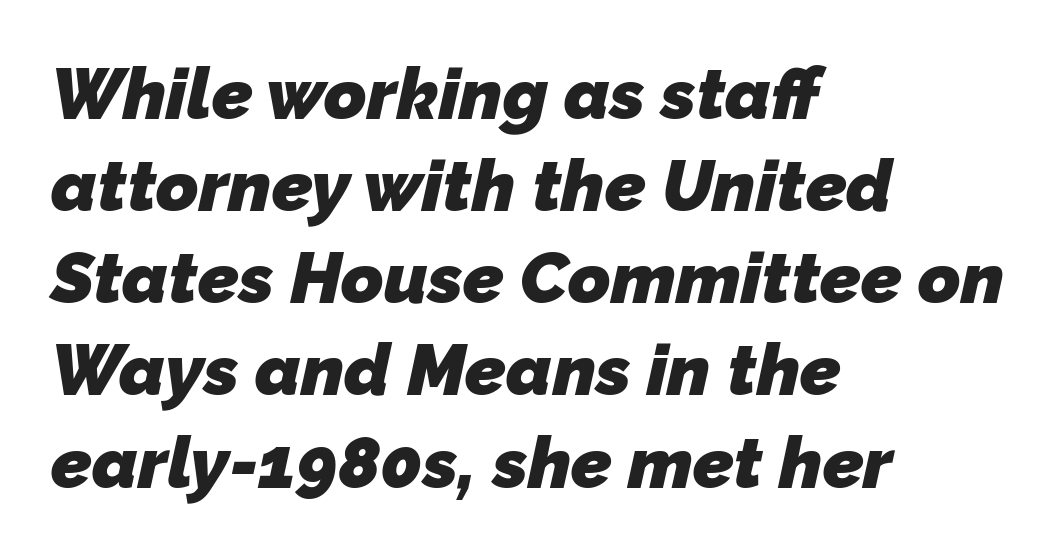
{"serif": "no", "bold": "yes", "weight": "heavy", "width": "normal", "stroke_contrast": "low", "x_height": "medium", "monospaced": "no", "underline": "no", "align": "left", "line_spacing": "normal", "line_spacing_ratio": 1.28, "letter_spacing": "normal", "letter_spacing_em": 0.0, "glyph_px": 72}
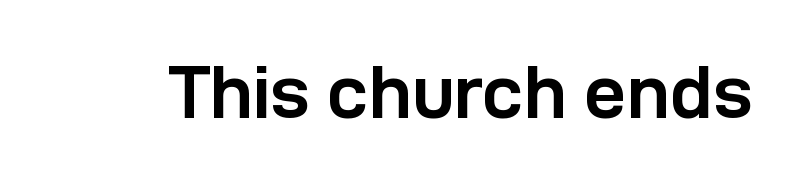
{"serif": "no", "italic": "no", "bold": "yes", "weight": "semibold", "width": "normal", "stroke_contrast": "low", "x_height": "medium", "monospaced": "no", "underline": "no", "letter_spacing": "normal", "letter_spacing_em": 0.0, "glyph_px": 75}
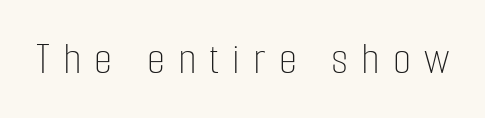
{"italic": "no", "bold": "no", "weight": "thin", "width": "condensed", "stroke_contrast": "low", "x_height": "medium", "monospaced": "no", "underline": "no", "letter_spacing": "wide", "letter_spacing_em": 0.28, "glyph_px": 47}
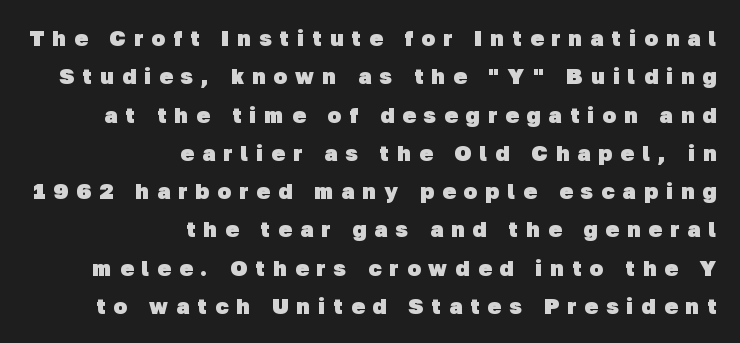
The image shows 22 px bold type; set right-aligned, line spacing 1.74x, unusually wide letter spacing (+0.38 em), not underlined.
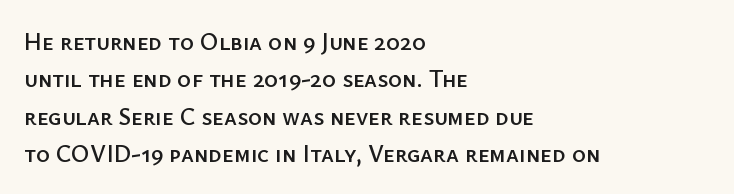
The image shows 24 px text type, upright; set left-aligned, normal line spacing (1.56x), normal letter spacing, not underlined.
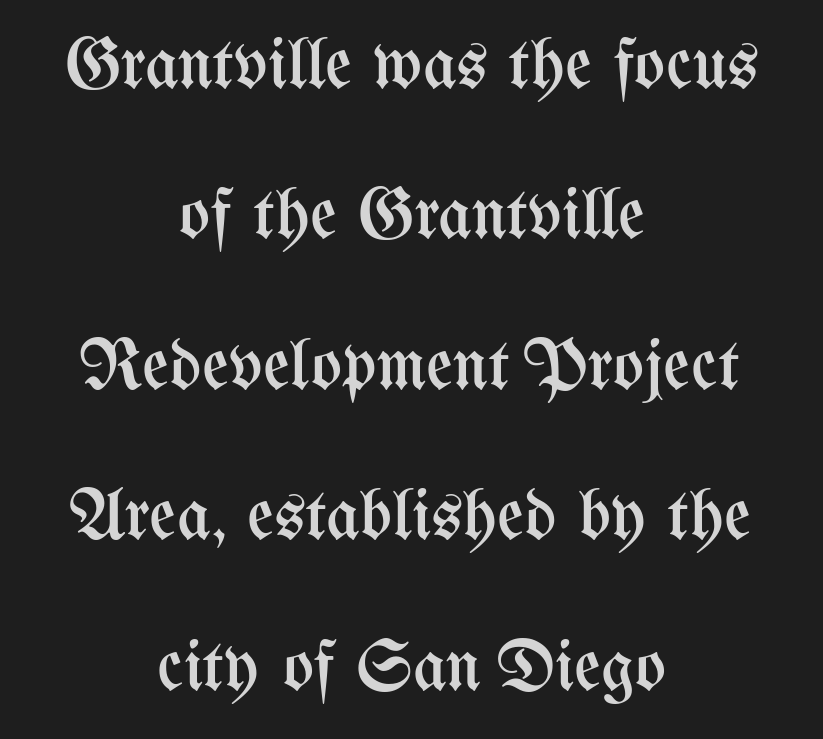
The line texture is even and compact thanks to regular tracking. Is the type heavy? It reads as light-to-regular instead. These lines are rendered in a variable-pitch font. Rendered with straight, roman letterforms. Each row of text sits above clean, open space. One glance says open: line gaps are wider than usual.
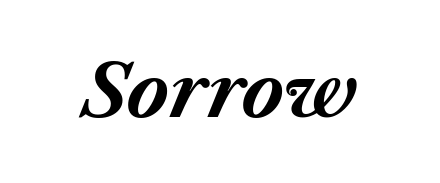
Character widths vary here, with narrow letters taking less room than wide ones. Tracking here is standard; glyphs follow each other at the usual distance. Notice how the stems are inclined rather than vertical — that's the hallmark of italics. Students, this is bold: see how much ink each stroke carries. The words here are not underlined.
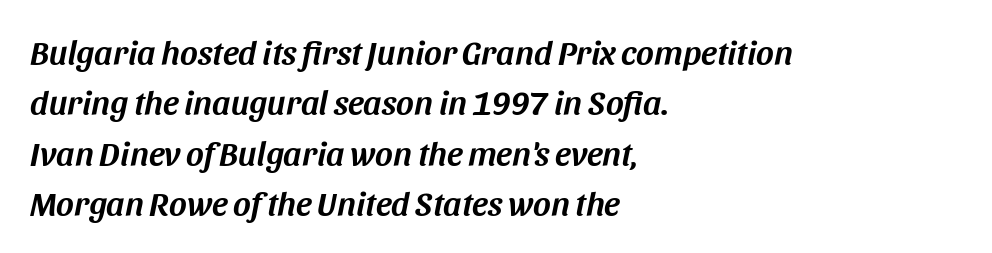
Q: Is the text italic (slanted)? A: Yes, it leans right by about 11 degrees.
Q: Is the text underlined? A: No.
Q: How is the paragraph aligned? A: Left-aligned.
Q: Is the spacing between letters normal or unusually wide? A: Normal.
Q: Is the spacing between lines tight, normal or loose? A: Normal.
Q: Width (condensed, normal, or wide)? A: Normal.
Q: Stroke contrast? A: Medium.
Q: x-height? A: Large.
Q: Monospaced? A: No.

WHAT TO PRODUCE
Set out exactly, and only, the lines between the first line of the listing and the line containing "The image shows 24", counting both, while leaving every picture out.

EXPECTED ANSWER
{"serif": "no", "bold": "yes", "weight": "heavy", "width": "normal", "stroke_contrast": "low", "x_height": "medium", "monospaced": "no", "underline": "no", "align": "left", "line_spacing": "normal", "line_spacing_ratio": 1.28, "letter_spacing": "normal", "letter_spacing_em": 0.0, "glyph_px": 72}
{"serif": "no", "italic": "no", "bold": "yes", "weight": "semibold", "width": "normal", "stroke_contrast": "low", "x_height": "medium", "monospaced": "no", "underline": "no", "letter_spacing": "normal", "letter_spacing_em": 0.0, "glyph_px": 75}
{"italic": "no", "bold": "no", "weight": "thin", "width": "condensed", "stroke_contrast": "low", "x_height": "medium", "monospaced": "no", "underline": "no", "letter_spacing": "wide", "letter_spacing_em": 0.28, "glyph_px": 47}
The image shows 22 px bold type; set right-aligned, line spacing 1.74x, unusually wide letter spacing (+0.38 em), not underlined.
The image shows 24 px text type, upright; set left-aligned, normal line spacing (1.56x), normal letter spacing, not underlined.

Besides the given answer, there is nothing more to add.